Most economists and the nonpartisan Congressional Budget Office predict that if nothing is done, the twin impacts of broad tax increases and across-the-board spending cuts would send the economy back into recession. The 2013 impact alone — about $600 billion in tax increases and spending cuts — exceeds the projected growth of the gross domestic product. The Bipartisan Policy Center estimates that the cuts — called sequestration — could cost one million jobs in 2013 and 2014.

The Congressional Budget Office projected that real economic growth would decline at an annual rate of 2.9 percent during the first half of 2013. Unemployment would rise to 9.1 percent by the end of next year.

How did we get here?

President George W. Bush and Republicans in Congress could not muster the 60 votes in the Senate to pass Mr. Bush’s initial 10-year, $1.7 trillion tax cut in 2001, so they used a parliamentary tool called reconciliation to pass the tax cuts with a simple Senate majority of 51 votes. The catch was that this meant the tax cuts would expire after the 10-year budget window closed in 2011. In 2003, when Mr. Bush went back for another round of tax cuts, Republicans in Congress again used reconciliation to avoid a Democratic filibuster and maximized the initial size of the tax cuts by having them expire at the same time as the first tax cuts, in 2011.

After the 2010 elections, President Obama struck a deal with Republicans to extend the tax cuts for another two years, as well as add other tax measures, like the payroll tax cut, to help the economy. Now that extension is ending.

The across-the-board cuts are more complicated. The newly elected Republican House in 2011 refused to raise the debt ceiling, the nation’s statutory borrowing limit, without legislation guaranteeing that the increase would be at least matched by deficit reduction. Congress and the White House agreed to spending caps that shaved about $1 trillion off projected growth over 10 years. They also created a special, bipartisan deficit reduction committee to find another $1.2 trillion in savings over 10 years. If that effort failed, savings would be guaranteed by automatic cuts to both defense and nondefense programs beginning in 2013. The so-called supercommittee failed, and the government is now staring at the consequences.

How do we get out of it?

Some fledgling bipartisan talks have begun with an eye toward staving off the fiscal cliff after the election but before Jan. 1. The so-called Gang of Six searching for a deal includes Senator Richard J. Durbin of Illinois, the second-ranking Senate Democrat; Senator Kent Conrad of North Dakota, the Budget Committee chairman; and Senator Mark Warner, Democrat of Virginia, and three Republican senators, Tom Coburn of Oklahoma, Mike Crapo of Idaho and Saxby Chambliss of Georgia. In addition, Senators Michael Bennet, Democrat of Colorado, and Lamar Alexander, Republican of Tennessee, are trying to negotiate a framework moving forward that would set up a deficit reduction outline, instruct Congressional committees to make it real in six months, then punt the spending cuts and tax increases into next year.
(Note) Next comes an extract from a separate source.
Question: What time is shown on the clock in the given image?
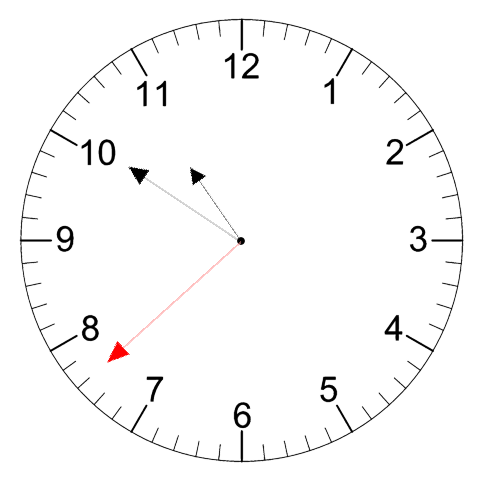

Most of these negotiations accept that savings would have to come from entitlement programs like Social Security and Medicare, and an overhaul of the tax code that raises revenue by closing loopholes and curtails or ends tax deductions and credits. Most Republicans and some Democrats say they can generate additional revenue that way and still lower tax rates across the board.

The leadership is more hesitant. Senator Mitch McConnell of Kentucky, the Republican leader, and Senator Charles E. Schumer of New York, the third-ranking Democrat in the Senate, both say they want a sweeping deficit deal in the coming lame duck session of Congress to avert the cliff. But Mr. Schumer says he will not accept any deal that cuts the top income tax rates for the rich. The House speaker, John A. Boehner, Republican of Ohio, says he will not accept any deal that raises tax rates for the rich beyond the current Bush-era levels.

Where is President Obama on all of this?

Regardless of the results on Election Day, Nov. 6, Mr. Obama will be in office on Jan. 1. He has said he will not sign any bill that extends the tax cuts for the rich but wants legislation that extends the tax cuts for families earning $250,000 or less. That alone would be enough to mitigate the economic impact of the fiscal cliff. He also opposes across-the-board spending cuts, but says there should be no “easy off-ramp,” that is, he will not sign legislation simply canceling the cuts unless Congress comes up with a plan for deficit reduction at least equal to $1.2 trillion. Mr. Obama’s budget foresees about $4 trillion in deficit reduction over the next decade: $1 trillion already locked in with the 2011 Budget Control Act; about $1.5 trillion in additional revenues, largely from allowing tax cuts for the rich to expire; and another $1.5 trillion in additional savings. He has signaled he will accept changes to Social Security, Medicare and Medicaid as part of that last portion of savings. Republicans complain that Mr. Obama has not forcefully led his party to a deficit deal.

What if Mitt Romney wins?

If Mitt Romney, the Republican presidential nominee, wins, he will not be president until he is sworn in on Jan. 20. Since Mr. Obama says he will not accept an extension of tax cuts for more affluent families, Congress will most likely have to let the government go off the cliff. Mr. Romney says that in his first days in office, he will sign a temporary extension of all the tax cuts, effective retroactively to Jan. 1. He has said he will not allow the automatic cuts to happen, but he has not specified how he would do that.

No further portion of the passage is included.